There is little doubt that the morphological and behavioral similarities between E. tenax and the honey bee are mainly a result of convergent evolution in response to similar food-gathering requirements. Bees are common models for several Dipteran mimics They are similar in their general form, flight, and coloration. There are reports on the genetics of honeybees that show that the factors controlling the coloration are the same as the ones controlling the coloration in E. tenax. In both species branched hairs and spirally grooved bristles act as collectors and retainers of pollen, and leg-scraping that occurs during hovering allows the transfer of pollen to take place, from hind legs to front legs in E. tenax, and in the reverse direction in honey bees.
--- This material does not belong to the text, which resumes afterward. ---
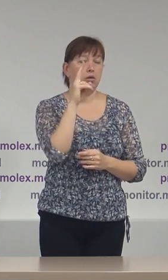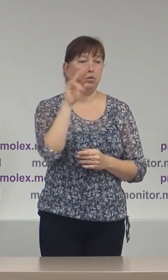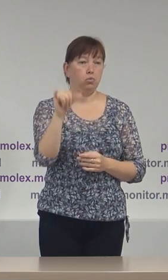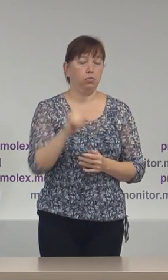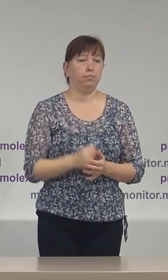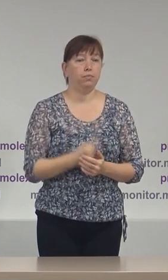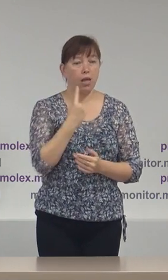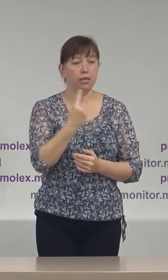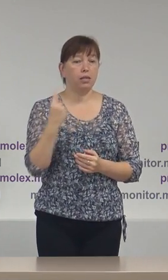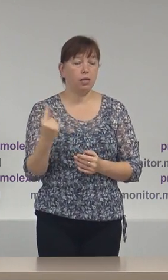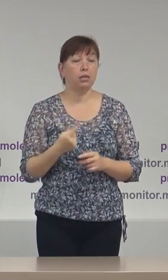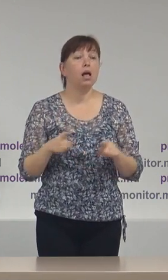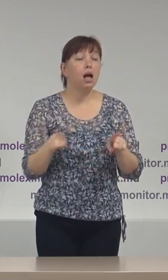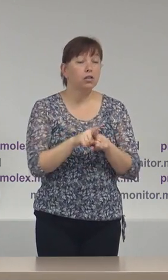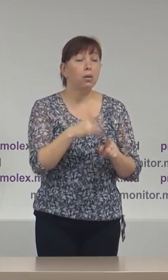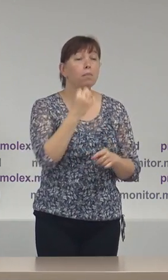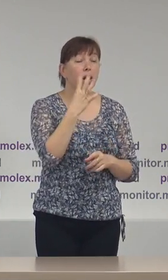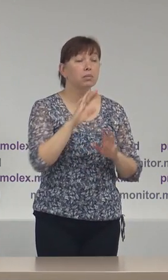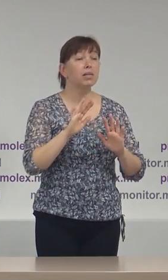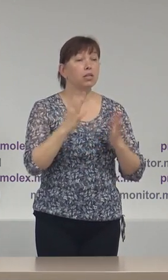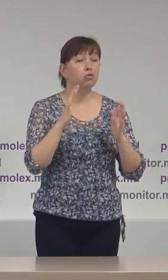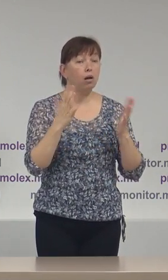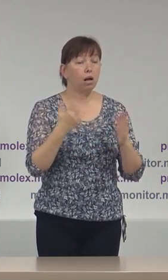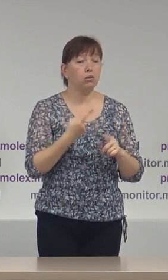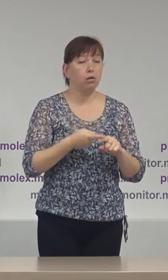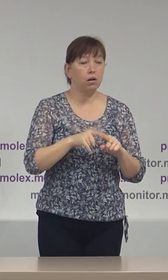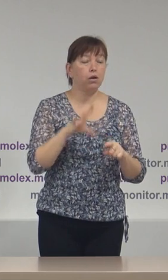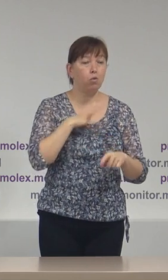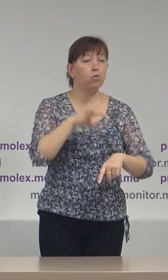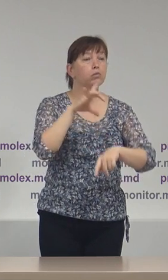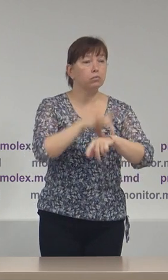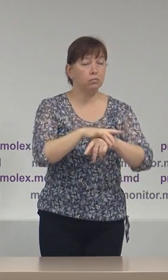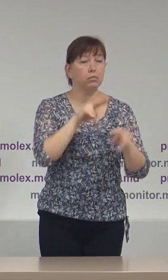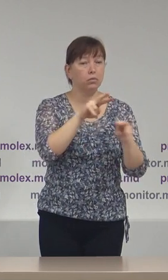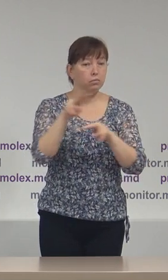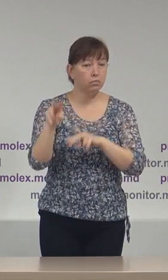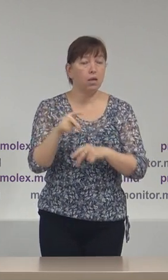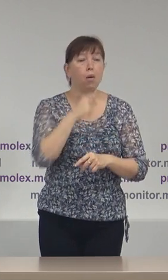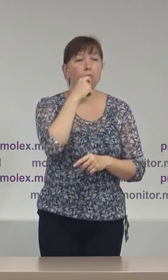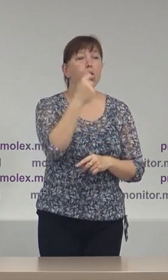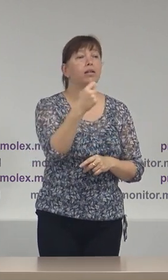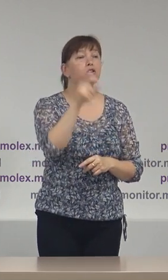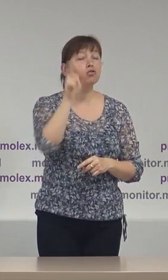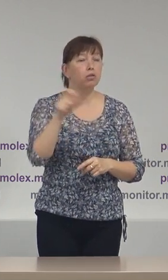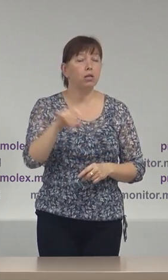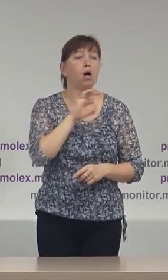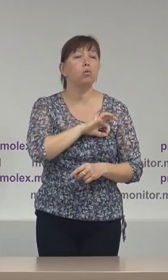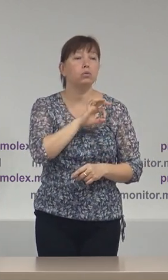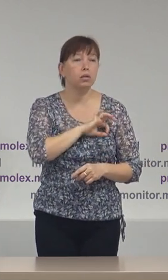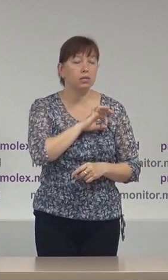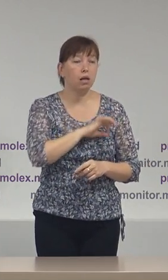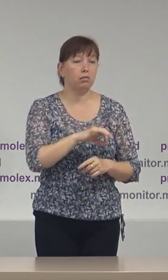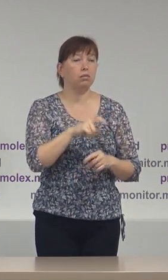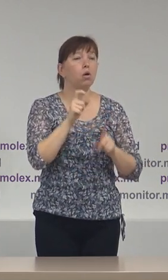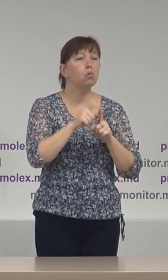în afară de acestea 14 cazuri atestate de observători în care politicienii au utilizat discursul de

E. tenax also has partial mimicry of wasps. To improve the wasp mimicry there seems to be an epistatic influence on the Ap gene on the hair color genes. The lightest phenotype of E. tenax is a light yellow, and seen most clearly as yellow bands along its sides, where a wasp has stripes of yellow pigment. The lighter patterns would be less beneficial as wasp mimicry early in the year, before there a great number of wasps emerge.

==Activity==
Common drone flies are active during much of the year, from March to December, and sometimes they are more numerous than honeybees, especially during autumn in urban areas. Males and females occur in roughly equal numbers in summer and autumn, but males are very rare in the spring, when fertilized females come out of hibernation.